Body mass predicts the survival of patients with new international federation of gynecology and obstetrics stage IB1 and IB2 cervical carcinoma treated with radical hysterectomy
1998
BACKGROUND
The authors evaluated the impact of body mass on survival and morbidity of patients with new International Federation of Gynecology and Obstetrics (FIGO) Stage IB1 and IB2 cervical carcinoma managed with radical hysterectomy.
METHODS
Two hundred twenty-nine patients with Stage IB1 or IB2 cervical carcinoma treated with radical hysterectomy were studied in a multivariate logistic regression analysis. The body mass index (BMI) and the ponderal index (PI) were used as measures of body mass and were analyzed as predictors of recurrence, survival, and complications in light of the new staging system.
RESULTS
Twenty-seven of 229 patients died of recurrent disease.
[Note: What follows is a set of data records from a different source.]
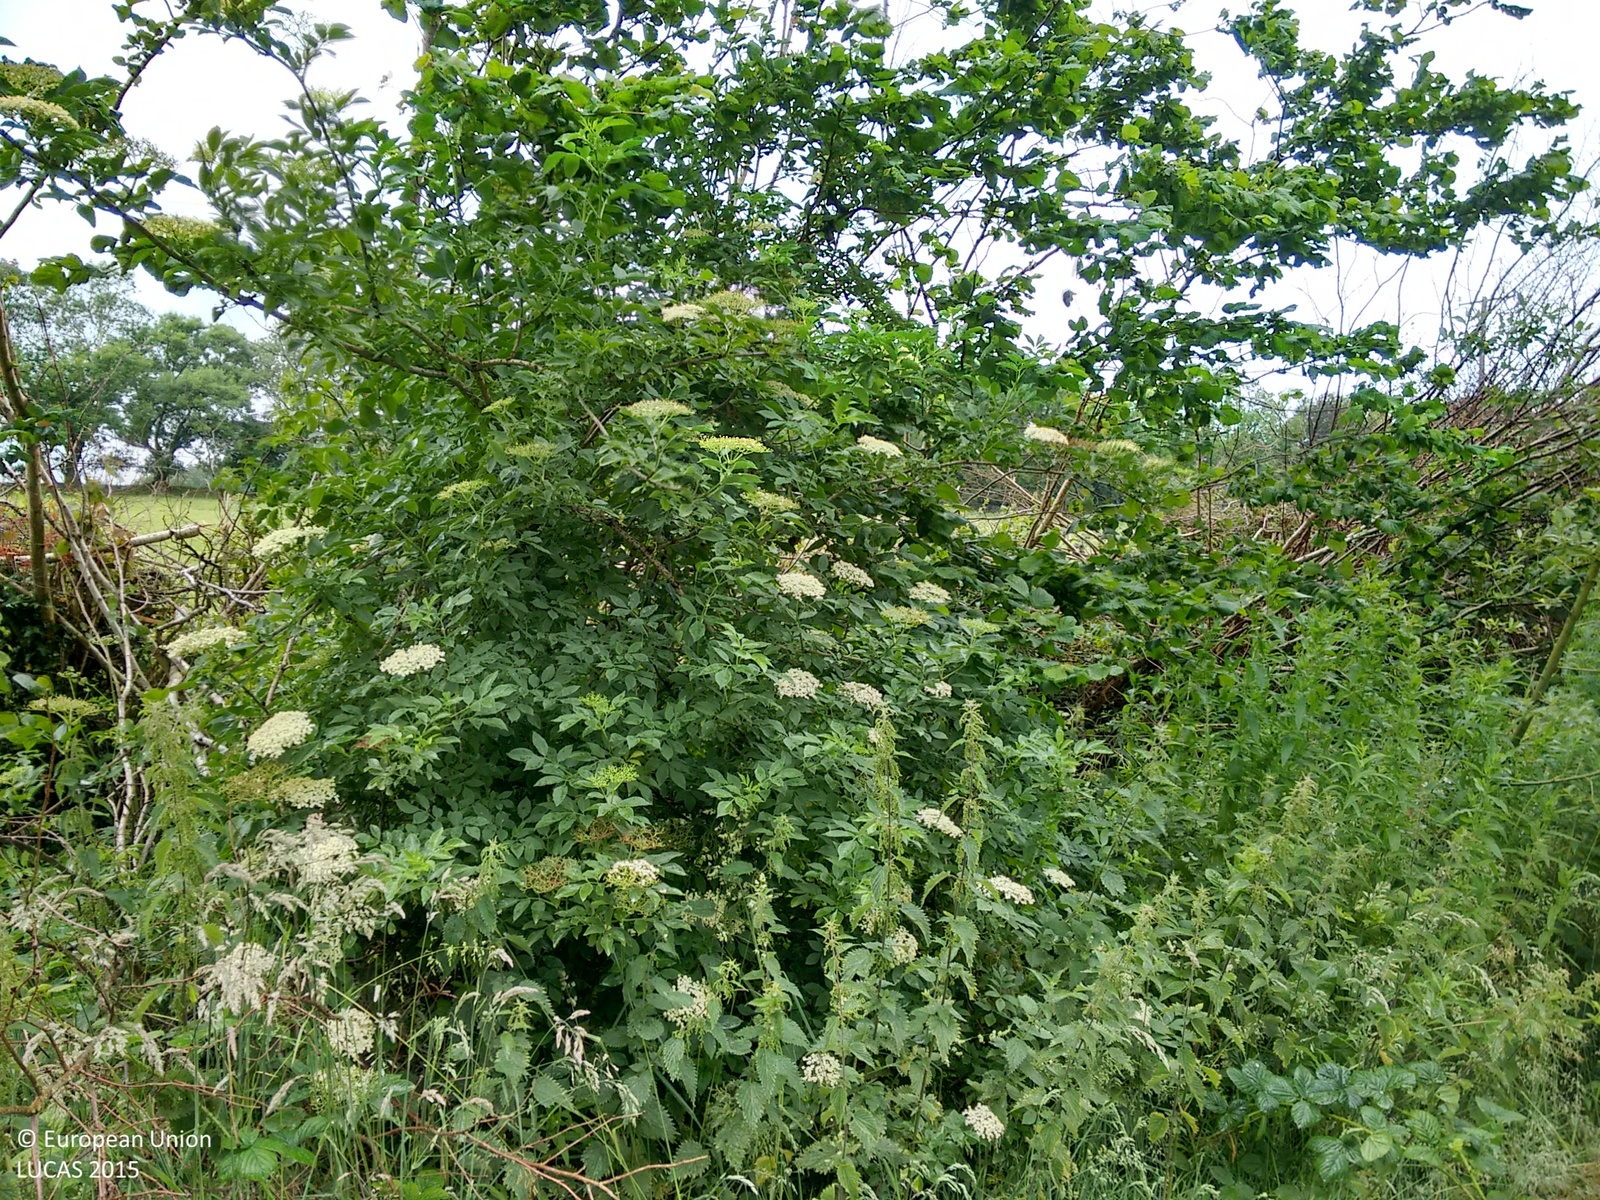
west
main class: Grassland
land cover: Grassland without tree/shrub cover
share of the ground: > 75 %
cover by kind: herbaceous plants 100 %
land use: Agriculture (excluding fallow land and kitchen gardens)
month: July
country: IE
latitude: 53.5839
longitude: -8.1402

A low BMI or a high PI were predictive of poor survival. Tumor greatest dimension, lymph node involvement, BMI, and PI were all independent predictors of survival (P = 0.0006). The only independent predictor of complications was para-aortic lymph node dissection (P = 0.0026).
CONCLUSIONS
Cervical carcinoma patients with a low body mass, as indicated by a low BMI or a high PI, were found to have poor survival after undergoing radical hysterectomy. Additional predictors of poor survival included lymph node metastases and increased tumor size. BMI and PI are more important predictors of survival than the new FIGO Stages IB1 and IB2. Body mass is not predictive of complications. Cancer 1998;83:98-102. © 1998 American Cancer Society.